Anyone who wishes is free to convince me otherwise, in which case we can
fix the scan code properly and make it do like you are suggesting.
> The concern is that
> the API should only be called when the system is saying "physical device
> gone", not due to some quirk in how the mid-layer manages its data objects.
Well, whatever other meaning you want to attach to it, it *is* about data
objects. That's why it's called slave_alloc()/slave_destroy() which are
standard object manipulation terms. One of the reasons I did this was so
that in my driver I could yank out a bunch of host structs of the form
unsigned char queue_depth[MAX_TARGETS][MAX_LUNS};
and instead add a new struct aic_dev_data that I attach directly to
device->hostdata during slave_alloc(), and in that struct aic_dev_data
goes *all* the state data needed for that device.
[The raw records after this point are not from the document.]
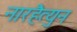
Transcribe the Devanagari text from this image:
नारहैत्युन
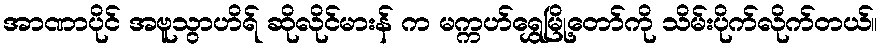
အာဏာပိုင် အဗူသွာဟိရ် ဆိုလိုင်မားန် က မက္ကဟ်ရွှေမြို့တော်ကို သိမ်းပိုက်လိုက်တယ်။
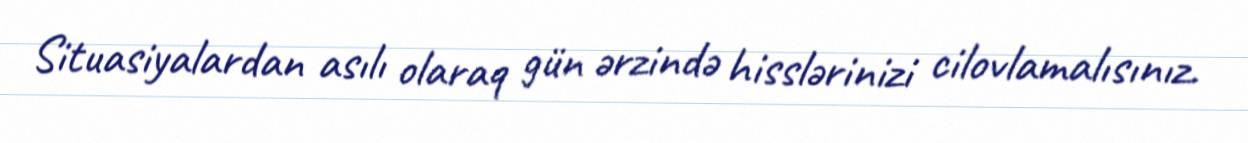
Situasiyalardan asılı olaraq gün ərzində hisslərinizi cilovlamalısınız.
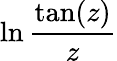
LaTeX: \ln{\frac{\tan(z)}{z}}
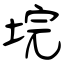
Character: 垸
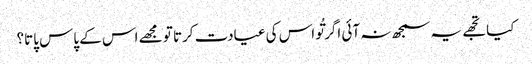
کیا تجھے یہ سمجھ نہ آئی اگر تُو اس کی عیادت کرتا تو مجھے اس کے پاس پاتا؟
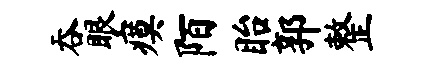
吞眼瘼陌眙郭整

It resulted in a not
insignificant reduction in memory foot print for the driver. And, once
you start talking about higher and higher lun values, need I again mention
fiber channel here, keeping complete tables like that becomes wasteful in
the extreme. So, the actual *primary* reason for adding this interface
was exactly this manipulation of data objects. The secondary use that a
slave_destroy() event can trigger a device shutdown sequence in your
driver was a bonus, but because of hokey crap in the scsi scan code it's a
bonus that requires you refcount things instead of just assuming that a
slave_destroy() is permanent. My driver doesn't have that particular
problem because when the scsi mid layer allocates the new sdev and calls
slave_alloc(), I create a new struct, attach it, init it, then treat the
two sdevs as totally independant entities, so when the destroy comes in on
the probe device, all I have to do is kfree() my aic_dev stuff. If I were
to hook this for actual device shut down commands, then I would have to
jump through the same hoops as you (or else do something simpler, like
have slave_configure() set a AHC_DEVICE_RUNNING flag in your device state
and on slave_destroy() only bother performing any shutdown operations if
that flag is set).
> In otherwords, the mid-layer could just as easily free the sdev every
> time a probe fails, retain the already allocated sdev for the "found
> device", and allocate a new sdev for each new probe. This would avoid
> callbacks for physical devices that Linux has successfully probed.
>
> > Whenever we do
> > find a device, we actually allocate a new device struct identical to our
> > current device struct and call slave_alloc() for the newly created
> > device. So, whenever we find a new device, there will be a momentary
> > point in time at which two device structs will exist that point to the
> > same device. After the new device is allocated and set up, the original
> > sdevscan device is simply renumbered in place (by updating the target or
> > lun value) and then we call slave_destroy()/slave_alloc() so that the
> > low level driver can also update their target/lun values to match.
>
> Actually, this danger only exists if the low lever driver attaches
> something to the SDEV and/or has a pointer to the SDEV. The device
> at a particular target/lun is still the same device. The little dance
> performed in the mid-layer can't change that.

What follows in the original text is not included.